Since its inception 16 ago years, Discogs (short for Discographies) has transformed from a kind of Wikipedia for vinyl into the world’s biggest facilitator of buying, selling and cataloguing physical music releases online.

Though the site has always taken down records which violated its selling terms, over the past month Discogs has adopted an increasingly hard stance on bootlegs: hip-hop records, edits, live concert recordings, even unofficial releases from artists themselves (e.g. Moodymann) have fallen to its chopping block.

One of the most unique facets of Discogs is the listings information featured alongside every release. Generated by its users, it catalogues the lowest, highest, and median price a record has been sold for on site, as well as listing how many users have the record in their wantlist or collection.

The information is a vital resource for buyers trying to prevent themselves from getting screwed over, as well as a way for anyone interested in a record to discover more about it. Once a listing is removed from the site, all of the pricing, wantlist and collection history is lost, though Discogs apparently keep archival records of the information offline.

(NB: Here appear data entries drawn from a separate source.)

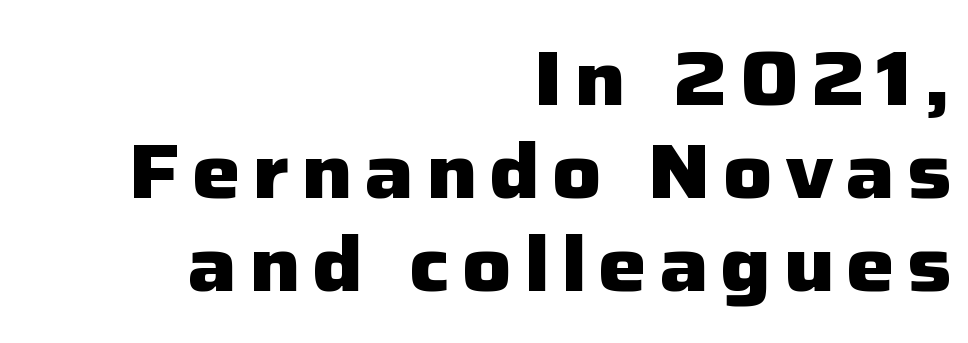
Q: Is the text bold? A: Yes.
Q: Is the text italic (slanted)? A: No, it is upright.
Q: Is the typeface a serif or a sans-serif typeface? A: Sans-serif.
Q: Is the text underlined? A: No.
Q: How is the paragraph aligned? A: Right-aligned.
Q: Width (condensed, normal, or wide)? A: Normal.
Q: Stroke contrast? A: Low.
Q: x-height? A: Medium.
Q: Monospaced? A: No.
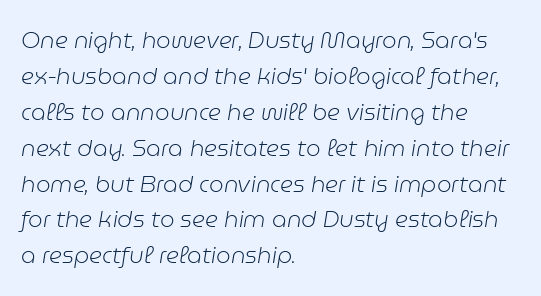
Q: Is the text bold? A: No.
Q: Is the text italic (slanted)? A: Yes, it leans right by about 9 degrees.
Q: Is the text underlined? A: No.
Q: How is the paragraph aligned? A: Left-aligned.
Q: Is the spacing between letters normal or unusually wide? A: Normal.
Q: Is the spacing between lines tight, normal or loose? A: Normal.

As vinyl sales continue to grow, with over 4.5 million albums  already sold on Discogs in 2017, and record pressing plants opening across the globe everywhere from a tiny Canadian island to South Korea to fill demand, what does this new enforcement mean for the future of the site and vinyl culture as a whole, and should Discogs be responsible for policing its site at all? We spoke to Discogs themselves, as well as the largest seller of records on site, a producer whose music was sold illegally, and a collector of hundreds of unofficial releases to find out.

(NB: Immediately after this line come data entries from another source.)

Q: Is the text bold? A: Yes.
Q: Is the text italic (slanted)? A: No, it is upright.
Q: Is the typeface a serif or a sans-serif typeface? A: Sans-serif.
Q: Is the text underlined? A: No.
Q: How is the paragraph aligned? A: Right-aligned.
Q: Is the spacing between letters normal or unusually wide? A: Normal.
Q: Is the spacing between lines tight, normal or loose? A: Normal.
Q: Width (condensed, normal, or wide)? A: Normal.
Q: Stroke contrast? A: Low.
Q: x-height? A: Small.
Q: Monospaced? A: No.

What the largest vinyl vendor on Discogs thinks – Hon at Vinyl Pimp:

“I first noticed an increase in the amount of item violation messages we were receiving about one month ago. Initially I thought they were items listed on an incorrect release page. (E.g. A promo on an original version page.) I then ventured onto the marketplace forum, and discovered this has been going on since May 2017. Discogs staff have stayed away from the thread, and made no response.

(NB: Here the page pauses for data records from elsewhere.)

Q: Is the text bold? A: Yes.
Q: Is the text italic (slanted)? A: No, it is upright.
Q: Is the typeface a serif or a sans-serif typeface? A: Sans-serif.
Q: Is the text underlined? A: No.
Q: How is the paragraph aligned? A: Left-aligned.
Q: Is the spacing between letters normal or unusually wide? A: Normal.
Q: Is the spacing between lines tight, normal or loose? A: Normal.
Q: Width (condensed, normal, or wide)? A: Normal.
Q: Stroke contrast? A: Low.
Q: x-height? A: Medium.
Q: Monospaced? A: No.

I immediately decided to make a post on Facebook and got a few thousands views. Four hours later the press release was up on RA. Obviously, Discogs intended to get through these takedowns quietly, as there has been no warning to any of the users.

About 100 of our listings have been removed so far. They all have “Unofficial Release” as part of the format description.

Listing violation take downs have been around for a long time. It used to be because a promo was listed on the wrong release page, then racially sensitive materials were also getting taken down. Now we are facing the biggest and scariest action ever.

Vinyl Pimp sells on behalf of clients, as well as selling our own stuff we buy in. This means bootlegs and re-edits are part of our range, as that is what DJs and collectors buy for one reason or another.

Artists and labels don’t get royalties from our sales anyway, so in a way it doesn’t matter whether we sell bootlegs. We simply provide whatever is in demand – our action does not stimulate growth in any genre, style or format. We’ll continue to sell records on Discogs under their guidelines, as it is the best place for second hand items online.

Not only they have removed the releases from the marketplace, Discogs has taken steps to prevent users from adding these bootlegs to their collections and wantlists, which also prevents swaps between owners. These removed releases are going to be harder to come by, which will only drive the prices up.

They did not take this decision lightly – my guy from Discogs explained that they see a trend of other third party marketplaces (such as Amazon) getting hit by authorities for being responsible for the sale of copyright-infringed materials. They are doing this to prevent a real disaster, which in my opinion is a very smart move.”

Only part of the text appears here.